Whilst Gibb's analysis quotes Baroness Deech saying (correctly) that in cousin marriage there will be 'twice as many sick children (four per cent) as others who are not related', she is contradicted by a box included in Gibb's accompanying analysis stating '13 - estimated number of times more likely that they will have children with genetic disorders than the general population.'
For Gibb to remind us in an article on cousin marriage that Queen Victoria and Albert had a son with haemophilia is disingenuous. As an X-linked disorder, cousin marriage has no effect on the risk of haemophilia in a son.

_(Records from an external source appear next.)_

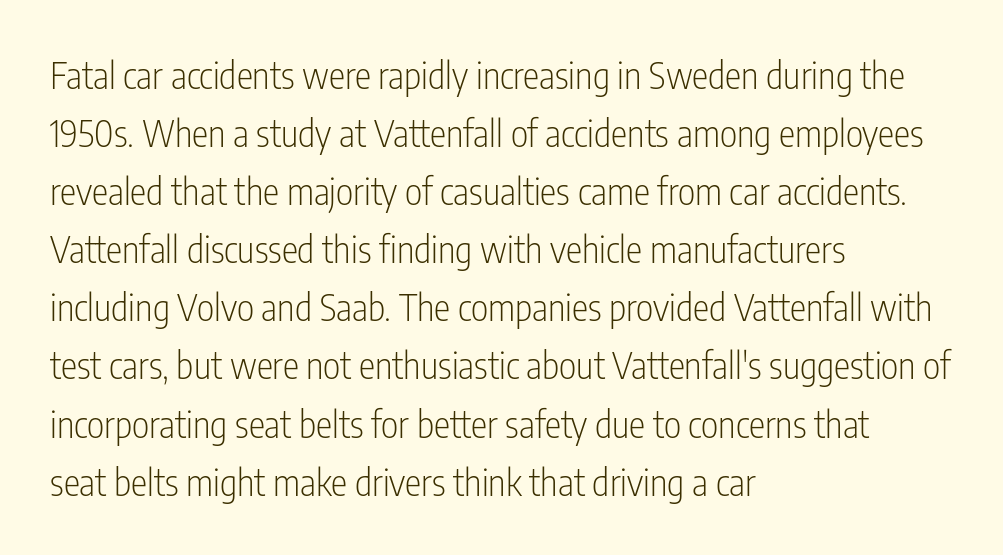
Q: Is the text bold? A: No.
Q: Is the text italic (slanted)? A: No, it is upright.
Q: Is the typeface a serif or a sans-serif typeface? A: Sans-serif.
Q: Is the text underlined? A: No.
Q: How is the paragraph aligned? A: Left-aligned.
Q: Is the spacing between letters normal or unusually wide? A: Normal.
Q: Is the spacing between lines tight, normal or loose? A: Normal.
Q: Width (condensed, normal, or wide)? A: Condensed.
Q: Stroke contrast? A: Low.
Q: x-height? A: Medium.
Q: Monospaced? A: No.
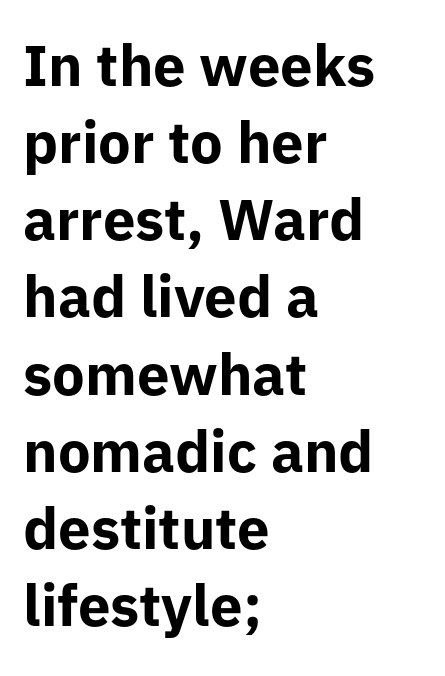
Q: Is the text bold? A: Yes.
Q: Is the text italic (slanted)? A: No, it is upright.
Q: Is the typeface a serif or a sans-serif typeface? A: Sans-serif.
Q: Is the text underlined? A: No.
Q: How is the paragraph aligned? A: Left-aligned.
Q: Is the spacing between letters normal or unusually wide? A: Normal.
Q: Is the spacing between lines tight, normal or loose? A: Normal.
Q: Width (condensed, normal, or wide)? A: Normal.
Q: Stroke contrast? A: Low.
Q: x-height? A: Medium.
Q: Monospaced? A: No.
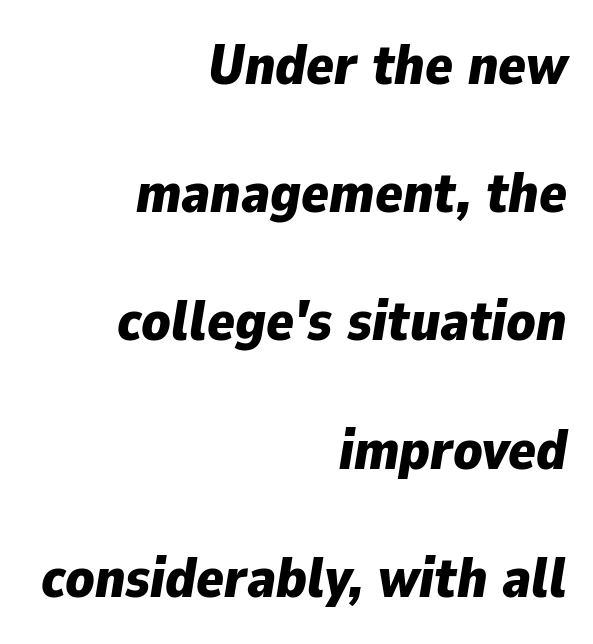
The image shows 57 px bold type, italic (leaning right); set right-aligned, loose line spacing (2.25x), normal letter spacing, not underlined; low stroke contrast and a medium x-height.
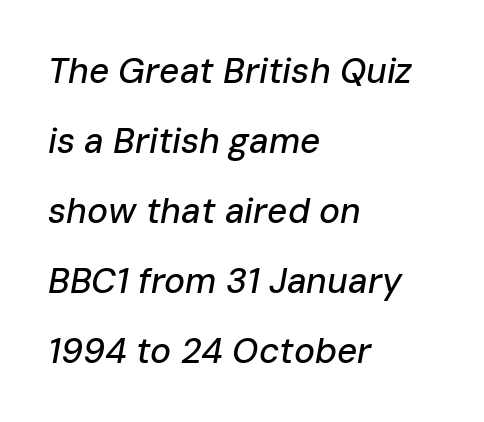
The image shows 35 px text type, italic (leaning right); set left-aligned, loose line spacing (2.0x), normal letter spacing, not underlined; low stroke contrast and a medium x-height.
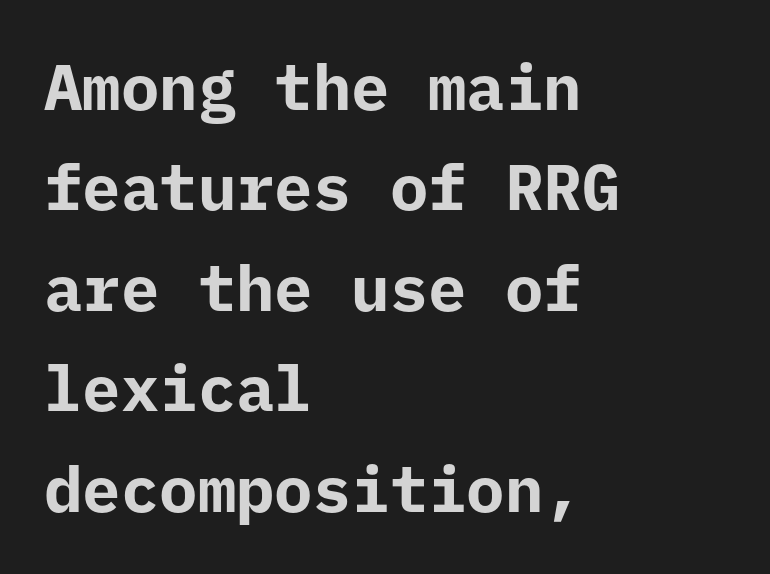
Plain, unruled lines of type. The axis of the letterforms is exactly vertical. Emphasis by weight is at full strength: bold. Each letter, wide or thin by design, is forced into the same width here. Observe the absence of serifs on each vertical stroke in this sample. Does extra space separate the letters? No, they use regular spacing.
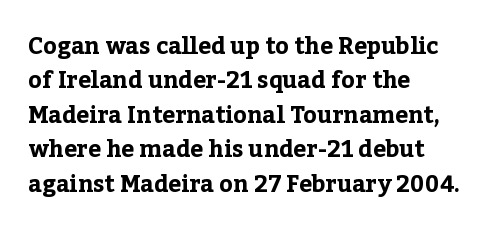
Q: Is the text bold? A: Yes.
Q: Is the text italic (slanted)? A: No, it is upright.
Q: Is the text underlined? A: No.
Q: How is the paragraph aligned? A: Left-aligned.
Q: Is the spacing between letters normal or unusually wide? A: Normal.
Q: Is the spacing between lines tight, normal or loose? A: Normal.

The suggestion that education should be coupled with the offer of genetic carrier screening (carrier screening for Tay-Sachs disease in the Orthodox Jewish community is given as an example) fails to recognise a more subtle but very important point. Population carrier screening is only practical for the commoner recessive genetic diseases and it is precisely these where cousin marriage has least relative impact on the population frequency of the disease. Cousin marriage increases the relative risk for rare or very rare recessive diseases, where general population carrier screening is not possible, except in the context of a family history of that rare disorder.

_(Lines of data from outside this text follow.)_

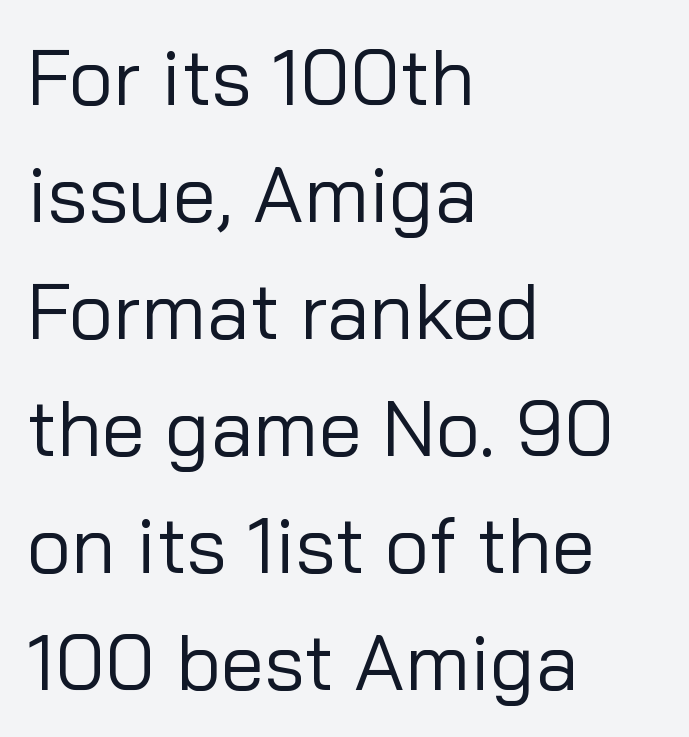
The zone under the glyphs is completely vacant. Quick note: not italic, upright. This is sans-serif lettering, the kind often seen on screens and signage. These lines sit exactly where default settings would place them. The line texture is even and compact thanks to regular tracking. The passage is arranged the way most books set body copy — flush left.
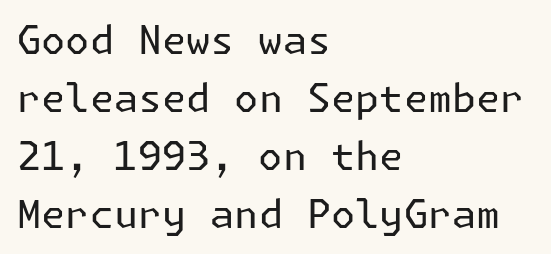
The image shows 39 px regular-weight sans-serif type, upright; set left-aligned, normal line spacing (1.49x), normal letter spacing, not underlined; low stroke contrast and a medium x-height.
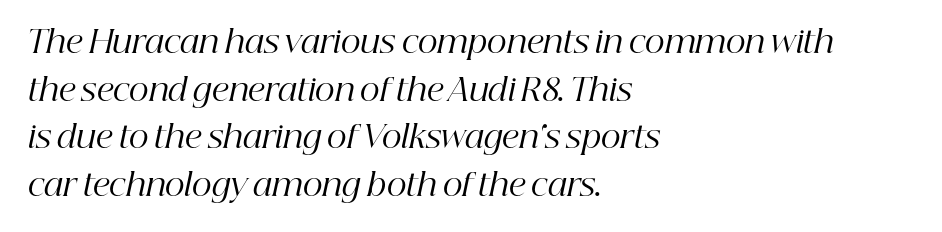
Q: Is the text bold? A: No.
Q: Is the text italic (slanted)? A: Yes, it leans right by about 12 degrees.
Q: Is the typeface a serif or a sans-serif typeface? A: Serif.
Q: Is the text underlined? A: No.
Q: How is the paragraph aligned? A: Left-aligned.
Q: Is the spacing between letters normal or unusually wide? A: Normal.
Q: Is the spacing between lines tight, normal or loose? A: Normal.
Q: Width (condensed, normal, or wide)? A: Normal.
Q: Stroke contrast? A: High.
Q: x-height? A: Medium.
Q: Monospaced? A: No.

The two page spread makes no mention of the importance of reporting a family history of early death or disability, or of the importance of referral to genetic counselling services: the two actions that really can help families. In fact the co-operation of consanguineous families, where some members have a rare recessive disease, has allowed research that is increasingly able to identify the underlying genetic mutation and so develop carrier (and prenatal testing if requested) for that extended family and other families with the same rare disease.

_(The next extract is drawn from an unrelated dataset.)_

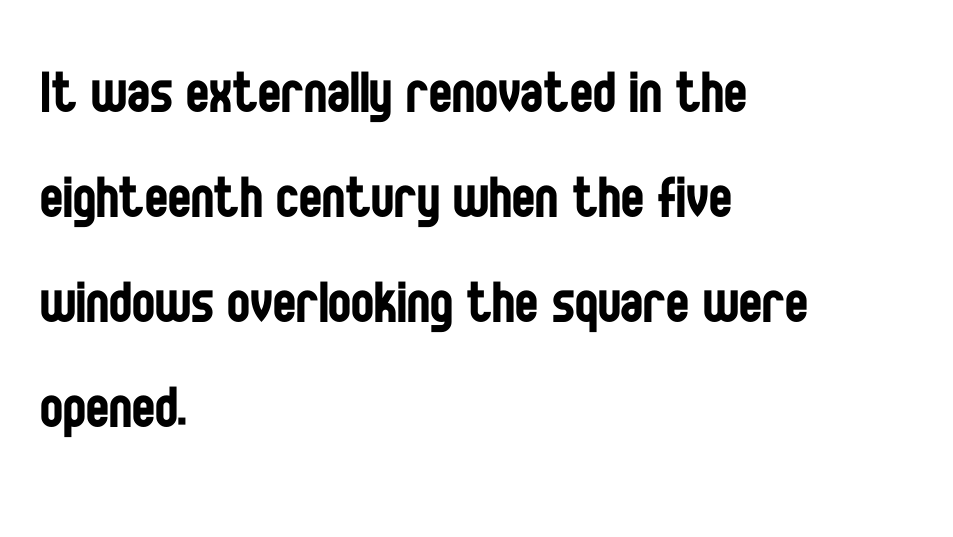
{"serif": "no", "italic": "no", "bold": "no", "weight": "regular", "width": "condensed", "stroke_contrast": "low", "x_height": "large", "monospaced": "no", "underline": "no", "align": "left", "line_spacing": "normal", "line_spacing_ratio": 1.52, "letter_spacing": "normal", "letter_spacing_em": 0.0, "glyph_px": 69}
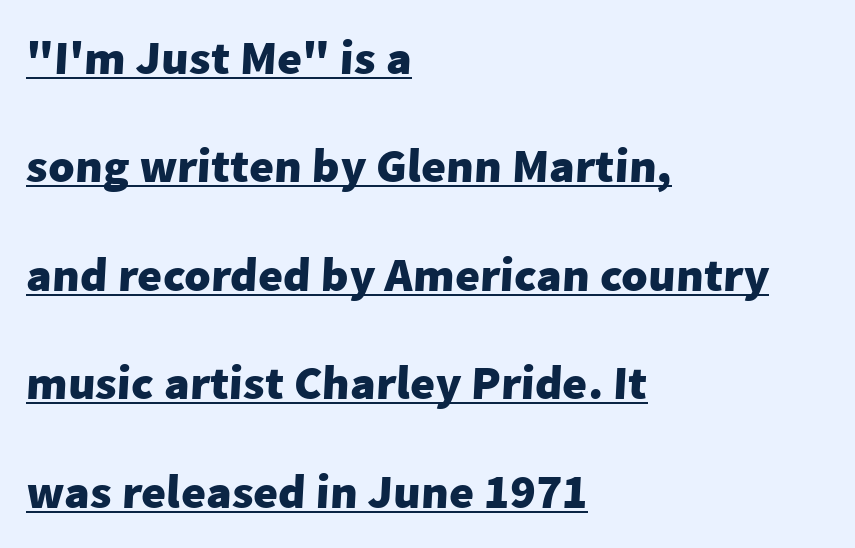
{"serif": "no", "bold": "yes", "weight": "heavy", "width": "normal", "stroke_contrast": "low", "x_height": "medium", "monospaced": "no", "underline": "yes", "align": "left", "line_spacing": "loose", "line_spacing_ratio": 2.26, "letter_spacing": "normal", "letter_spacing_em": 0.0, "glyph_px": 48}

However, further development of genetic services alone will not reach many families in need. I agree that there needs to be a much wider, open discussion of first cousin marriage, but this must be balanced, accurate and sensitive. This should start, at the top, with a concerted effort to dispel wrong beliefs about cousin marriage - beliefs often maintained by misleading statements from people who mean well. To put it straight:-
1) Common recessive diseases are not common because of consanguineous marriage.
2) Population genetic screening for common recessive disease may be a good thing, but does not address the adverse genetic effects of cousin marriage, which relate primarily to multiple rare recessive diseases.
3) Not all the excess of birth defects and early mortality in the children of consanguineous marriages compared to non-consanguineous progeny will be due to first cousin marriage per se.
4) Consanguinity rate is just one of many determinants of the differences in early mortality between ethnic groups.